(Beginning of Data extracts)
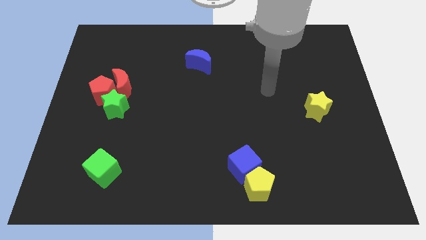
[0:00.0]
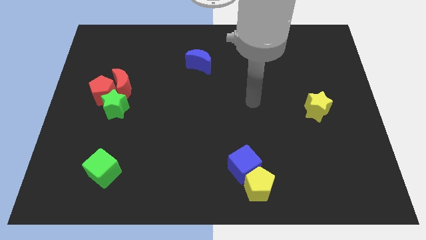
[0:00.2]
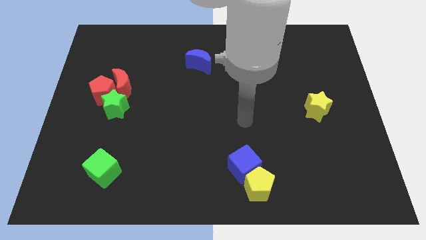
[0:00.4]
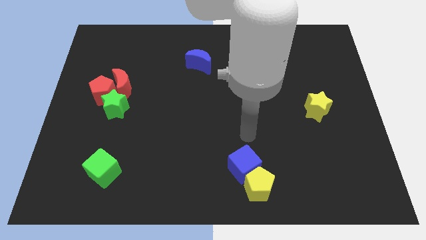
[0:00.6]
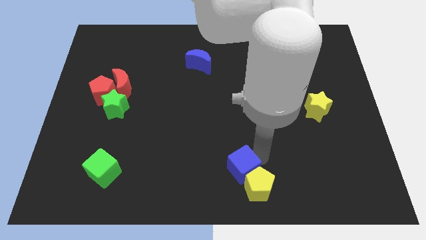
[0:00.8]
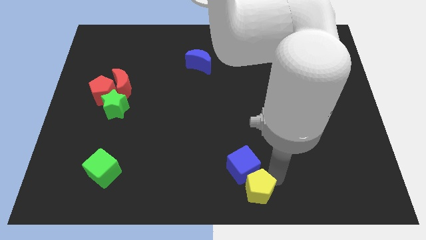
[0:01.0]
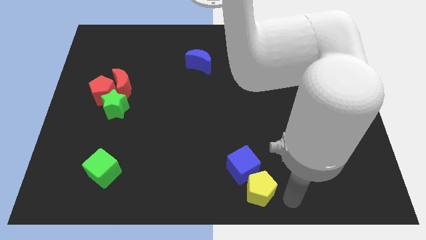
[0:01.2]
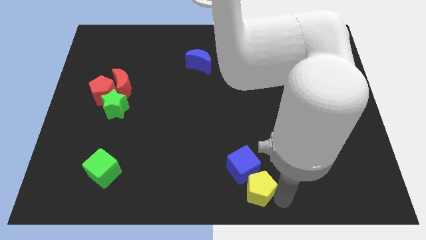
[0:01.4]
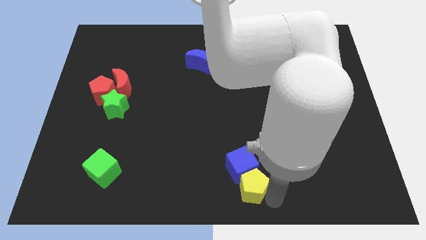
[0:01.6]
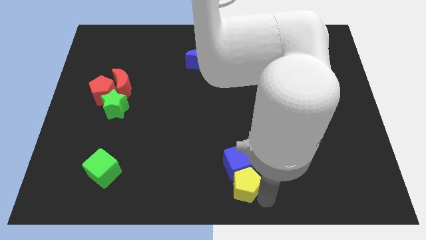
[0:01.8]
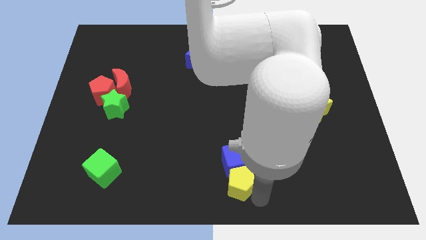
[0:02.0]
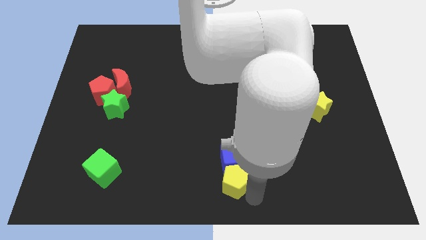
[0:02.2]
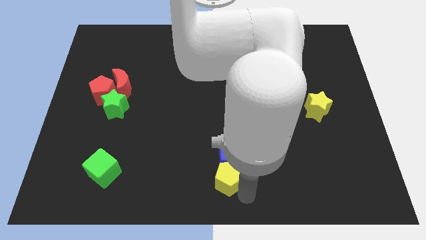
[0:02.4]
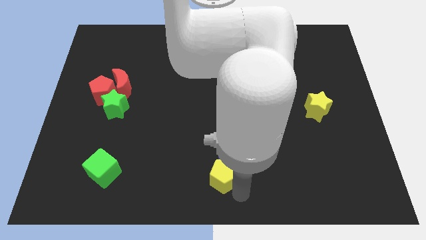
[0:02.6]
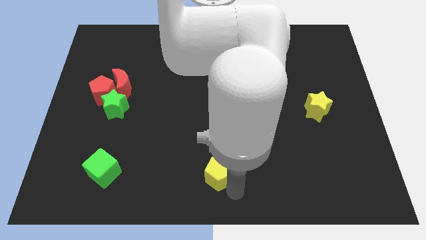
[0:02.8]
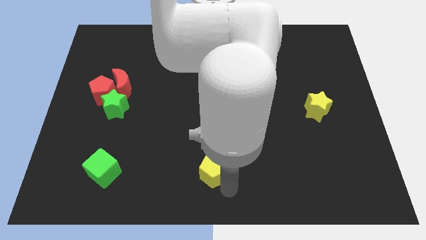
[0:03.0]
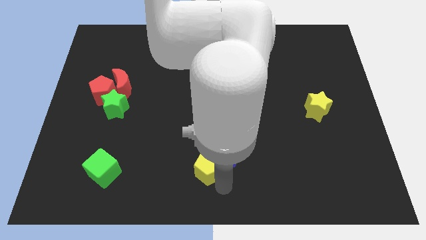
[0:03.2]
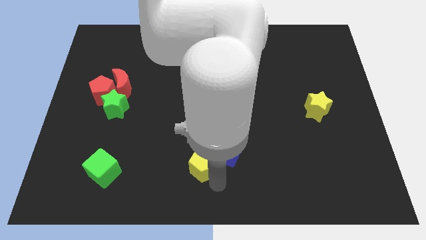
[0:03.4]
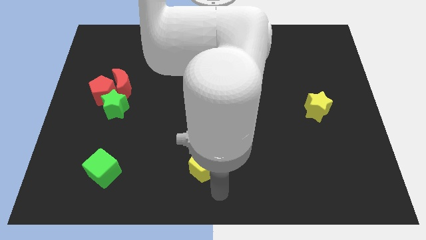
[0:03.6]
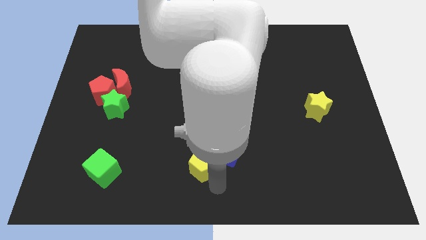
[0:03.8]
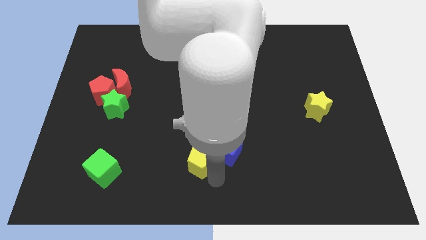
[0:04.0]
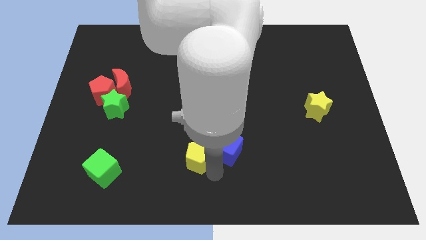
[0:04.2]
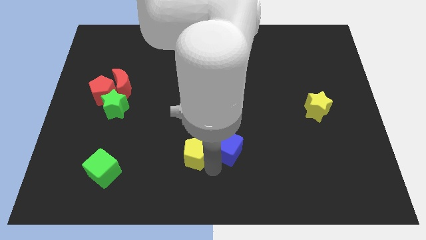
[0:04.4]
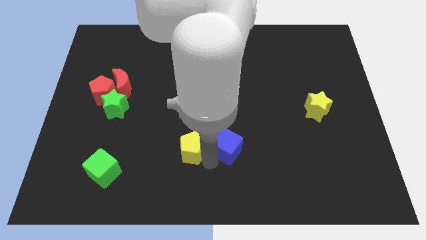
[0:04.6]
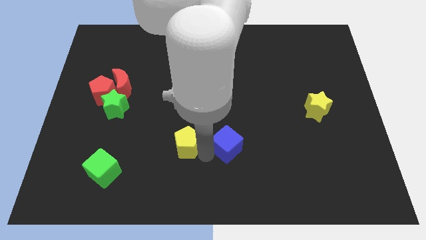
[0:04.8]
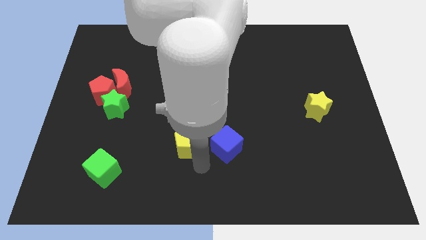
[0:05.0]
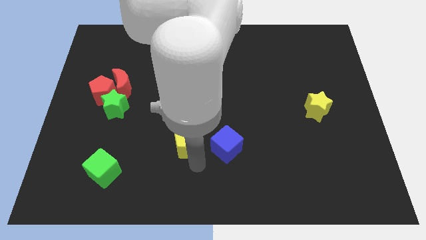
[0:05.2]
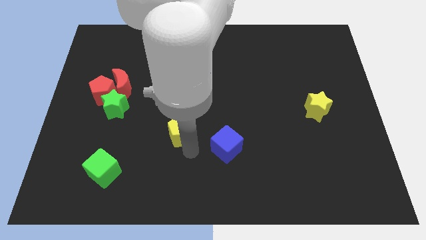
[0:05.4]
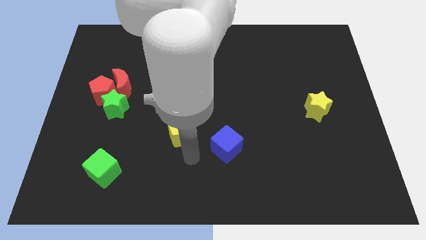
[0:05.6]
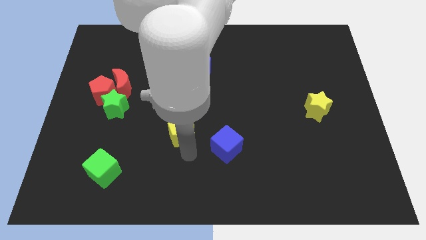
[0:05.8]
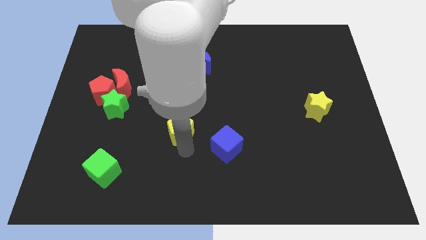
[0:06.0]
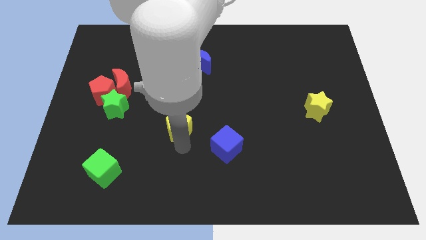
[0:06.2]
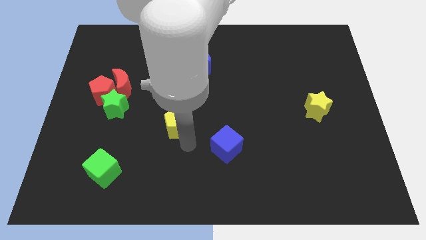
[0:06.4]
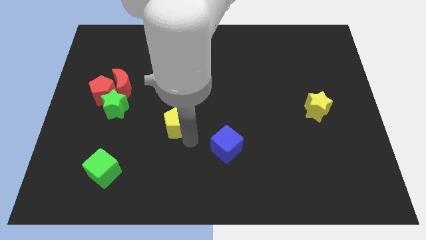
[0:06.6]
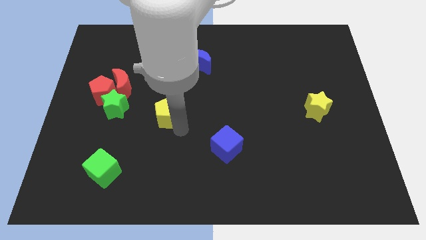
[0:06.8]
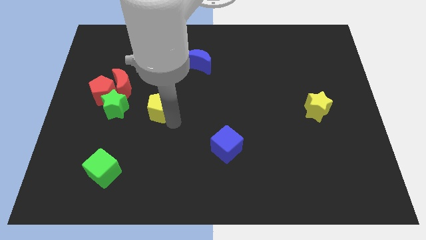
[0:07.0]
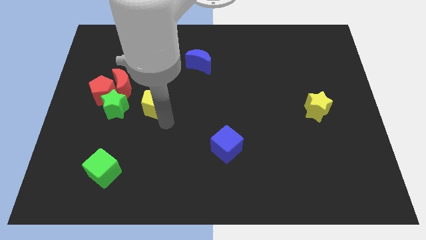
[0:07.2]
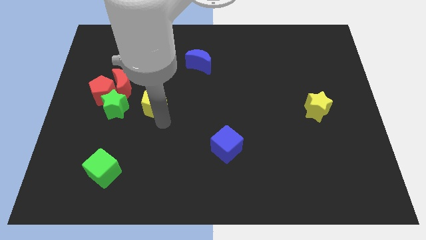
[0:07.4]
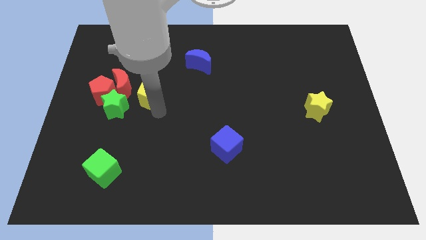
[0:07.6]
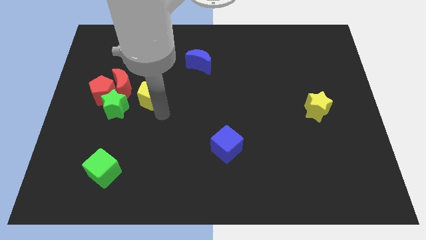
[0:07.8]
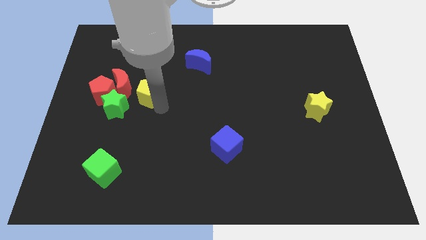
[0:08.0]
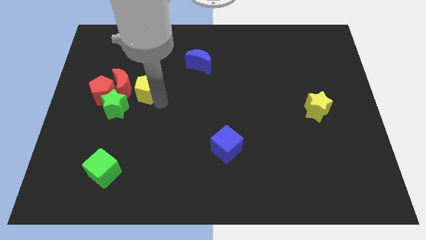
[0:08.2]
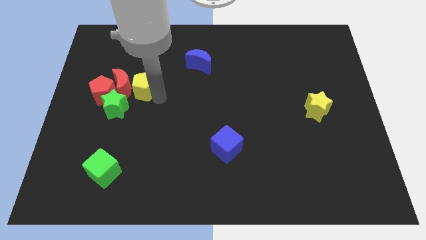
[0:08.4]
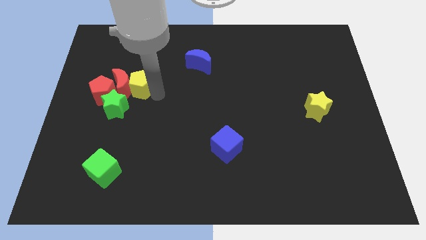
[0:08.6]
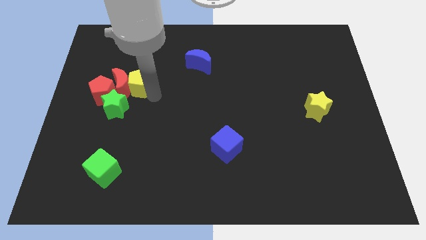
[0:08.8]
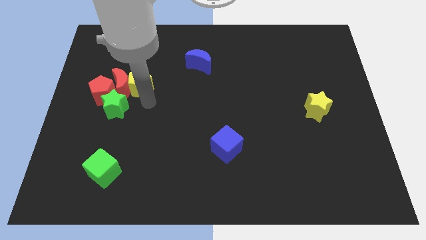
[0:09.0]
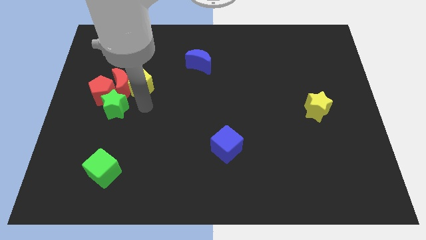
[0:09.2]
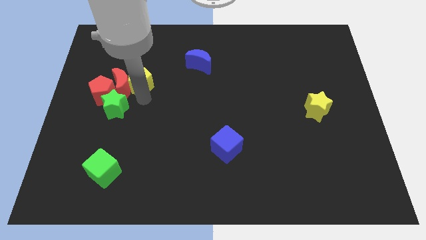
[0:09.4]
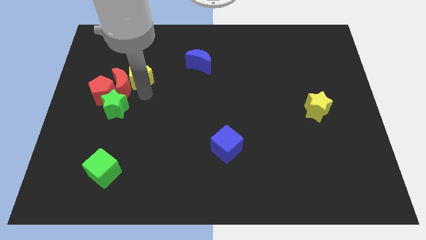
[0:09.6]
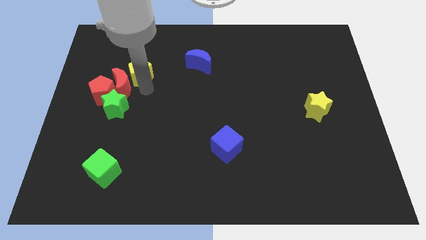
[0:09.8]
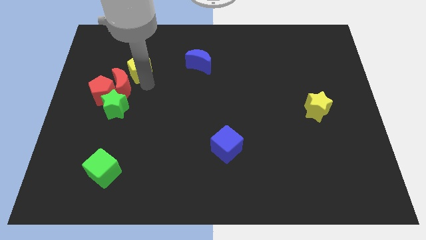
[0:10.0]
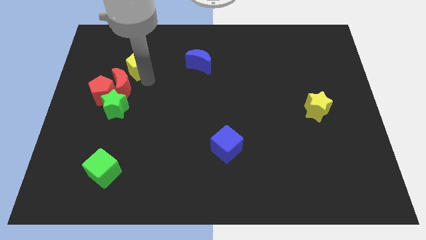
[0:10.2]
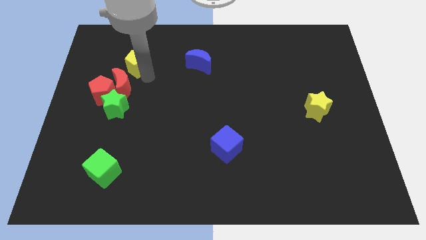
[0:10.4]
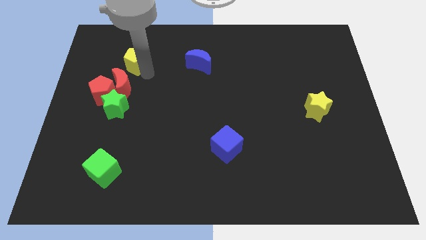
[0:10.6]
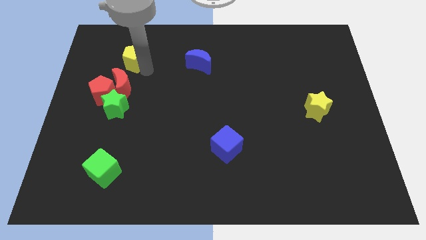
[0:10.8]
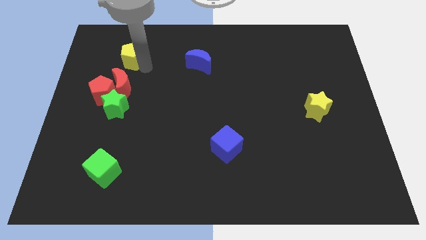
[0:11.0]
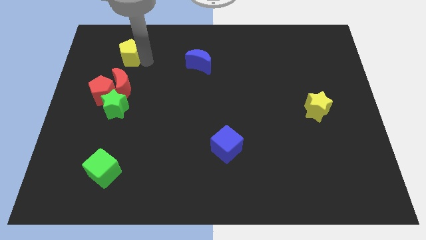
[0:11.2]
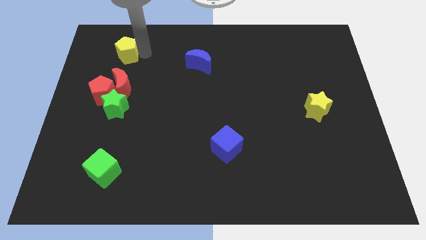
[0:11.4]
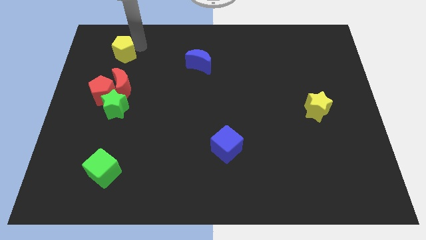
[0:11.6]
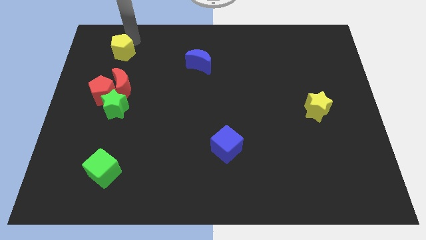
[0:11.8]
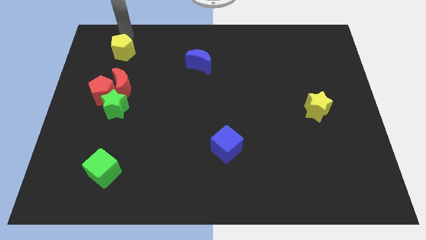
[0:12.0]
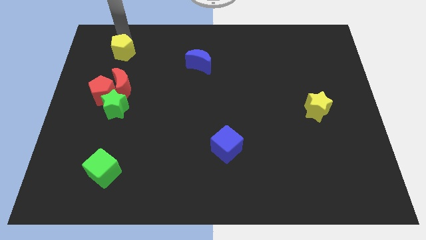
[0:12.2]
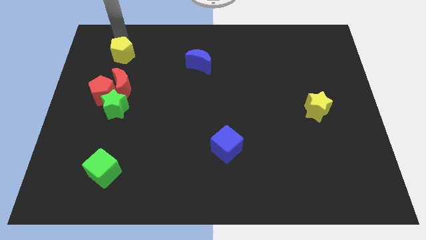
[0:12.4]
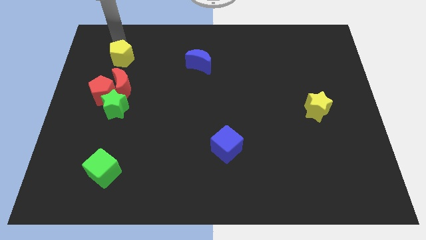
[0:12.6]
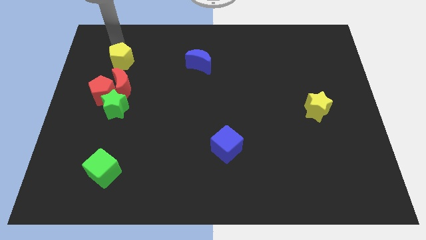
(End of Data extracts)
--- Brief ---
All entries above should be returned exactly, apart from their pictures.

--- Response to the task ---
[0:00.0]
[0:00.2]
[0:00.4]
[0:00.6]
[0:00.8]
[0:01.0]
[0:01.2]
[0:01.4]
[0:01.6]
[0:01.8]
[0:02.0]
[0:02.2]
[0:02.4]
[0:02.6]
[0:02.8]
[0:03.0]
[0:03.2]
[0:03.4]
[0:03.6]
[0:03.8]
[0:04.0]
[0:04.2]
[0:04.4]
[0:04.6]
[0:04.8]
[0:05.0]
[0:05.2]
[0:05.4]
[0:05.6]
[0:05.8]
[0:06.0]
[0:06.2]
[0:06.4]
[0:06.6]
[0:06.8]
[0:07.0]
[0:07.2]
[0:07.4]
[0:07.6]
[0:07.8]
[0:08.0]
[0:08.2]
[0:08.4]
[0:08.6]
[0:08.8]
[0:09.0]
[0:09.2]
[0:09.4]
[0:09.6]
[0:09.8]
[0:10.0]
[0:10.2]
[0:10.4]
[0:10.6]
[0:10.8]
[0:11.0]
[0:11.2]
[0:11.4]
[0:11.6]
[0:11.8]
[0:12.0]
[0:12.2]
[0:12.4]
[0:12.6]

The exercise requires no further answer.